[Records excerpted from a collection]

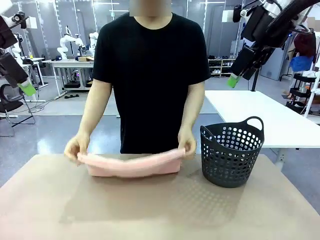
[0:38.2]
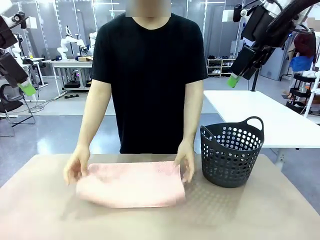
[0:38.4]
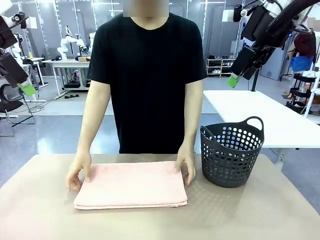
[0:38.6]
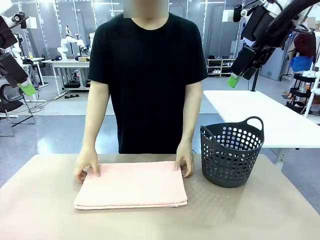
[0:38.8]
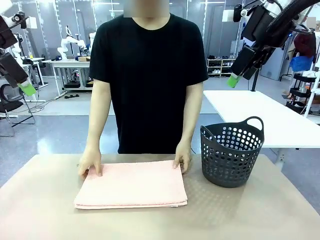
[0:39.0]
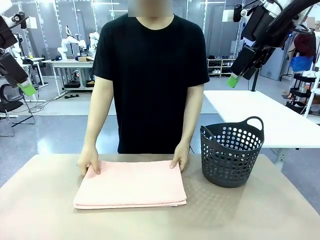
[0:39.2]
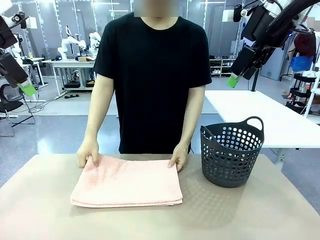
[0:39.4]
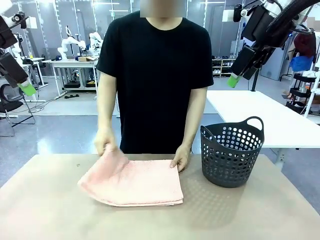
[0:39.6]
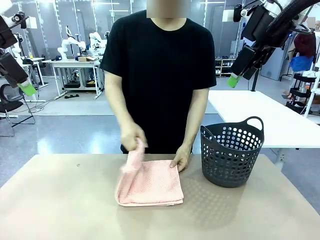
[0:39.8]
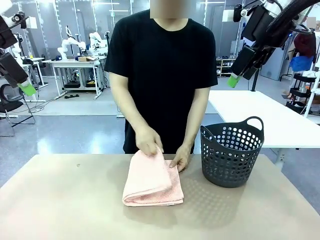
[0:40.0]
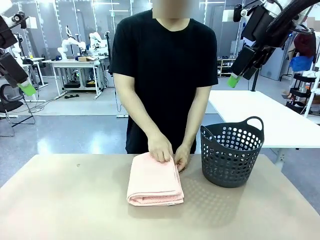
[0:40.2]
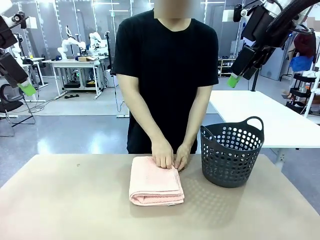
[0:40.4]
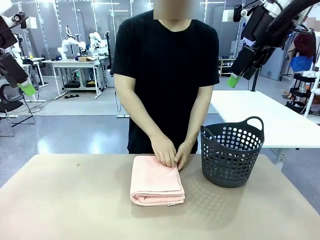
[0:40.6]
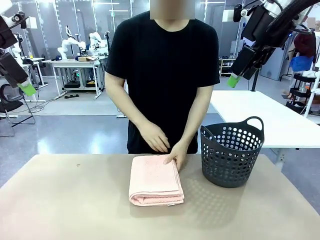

## EXERCISE PROMPT
Take the entries above and restate them word for word, minus their images.

## ANSWER SPACE
[0:38.2]
[0:38.4]
[0:38.6]
[0:38.8]
[0:39.0]
[0:39.2]
[0:39.4]
[0:39.6]
[0:39.8]
[0:40.0]
[0:40.2]
[0:40.4]
[0:40.6]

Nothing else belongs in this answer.